Each partial agitator 21-24 has a ferromagnetic U-shaped core. In the exemplary embodiment, the core is an iron core which is made from dynamo sheet and carries coils made of copper wires. The cross section of the cores is rectangular; the pole shoes rest on the mold walls 11 , 12 . The generated magnetic fields of the partial agitators 21-24 penetrate through the mold walls 11 , 12 into the mold cavity 13 and penetrate the metal melt.

According to the law of induction, there is a voltage in the moving melt induced, which is equal to the derivative of the magnetic flux over time. From of the induced voltage resulting electric currents cause after Biot-Savart's law a force effect in the melt, the vectorial Product of induction and current is proportional. That induced by the magnetic field The force field in the melt leads to mechanical currents, which cause stirring of the Cause melt.  

Each pair of partial stirrers 21 , 24 and 22 , 23 is operated independently of one another and connected in phases in such a way that a resulting magnetic rotating field is generated in the mold cavity 13 between the partial stirrers 21 , 24 and 22 , 23 , which in the melt produces a rotating mechanical force field, as shown in Fig. 3, induced, which has its origin in the left half of the die near the front broad side 12 and in the right half near the rear broad side 12. The rotating force field is directed upwards but towards the opposite mold wall, ie there are force components both in the vertical and in the horizontal direction. Thus, opposing force fields are induced in the left and right mold halves, which produce a flow in the melt rotating from the center to the left outer wall in the left mold half and a flow rotating from the center to the right wall in the right mold half. The vertical components of the force fields are directed upwards in the central part of the mold; however, the horizontal vector components run in opposite directions for both mold halves. The distance between the pairs of partial stirrers 21 , 24 and 22 , 23 is selected so that the melt performs a stirring movement in the area of the dip tube without the melt entering the mold through the dip tube being slowed down in the dip tube. Outside the immersion tube, the electromagnetic braking effect of the device 20 is quite desirable.

In the central region of the mold, the partial agitator pairs 21 , 24 and 22 , 23 consequently produce a constant upward flow of hot melt; an upward helical rotational movement is forced on the melt. This is opposed to the natural direction of movement of the melt in the mold cavity 13 , so that there is at least partially suppression of the natural movement of the melt within the mold cavity 13 and the associated swellings on the surface with the disadvantages of the pulling in of casting powder and slag particles into the strand shell area be prevented.

The electromagnetic device 20 makes it possible to reverse the vertical flow directions in the stationary continuous casting mold with the advantages mentioned, while at the same time stirring the melt horizontally.

Due to the simultaneous horizontal stirring in the left and right part of the Chill is counteracted by temperature stratification, the overheating heat degraded evenly. Forming dendrites are stirred away, which then accumulate as globulites on the solidification front of the melt. Due to the horizontal and vertical stirring of the melt will make the formation more negative Segregation (so-called white bands) prevented.

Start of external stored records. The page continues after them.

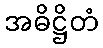
အဓိဋ္ဌိတံ
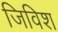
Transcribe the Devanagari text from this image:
जिविश
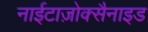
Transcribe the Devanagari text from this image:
नाईटाज़ोक्सैनाइड
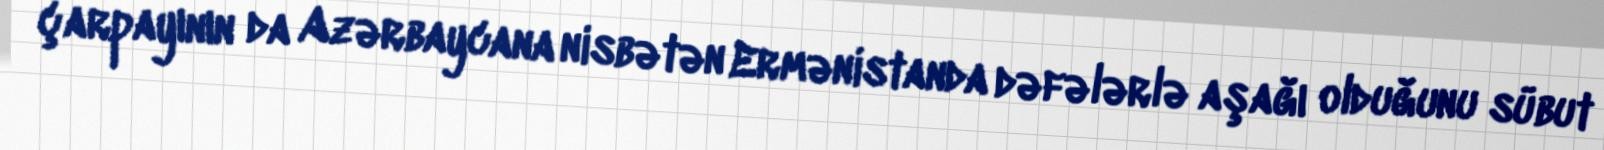
çarpayının da Azərbaycana nisbətən Ermənistanda dəfələrlə aşağı olduğunu sübut
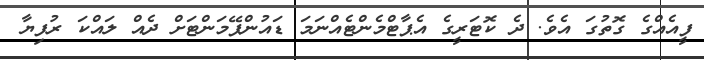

FIG. 2 shows a top view of the stationary continuous casting mold shown in FIG. 1. In addition, the connection diagram of the stirrer elements 21 - 24 of the electromagnetic device 20 is shown. As can be seen in FIG. 2, the pairs 21 , 24 and 22 , 23 of the electromagnetic device 20 are each electrically connected in series. The upper connections of the coils 25 , 27 and 26 , 28 are connected to one another. Through the series connection, the partial stirrers of a pair 21 , 24 and 22 , 23 can be operated on a normal AC voltage source.

The same effect can, of course, also be achieved with multi-phase three-phase currents which are 120 ° out of phase with one another if a corresponding asymmetrical spatial arrangement of the partial agitator pairs 21 , 24 and 22 , 23 is used.

In order to adapt to different casting conditions, an actuator (not shown) is provided, by means of which the partial stirrers of each pair 21 , 24 and 22 , 23 can be rotated relative to one another during operation in order to optimally adjust the electromagnetic device 20 . For this purpose, the partial agitators 21 , 24 and 22 , 23 are expediently mounted in rotatable brackets which can be adjusted by the actuator. The control is usually carried out by a microprocessor, either regulated by hand or using a predetermined setting algorithm. For example, the frequency of the swells on the surface of the melt can serve as the manipulated variable, but the depth of the suction funnel of the metal melt that forms on the immersion tube can also be used.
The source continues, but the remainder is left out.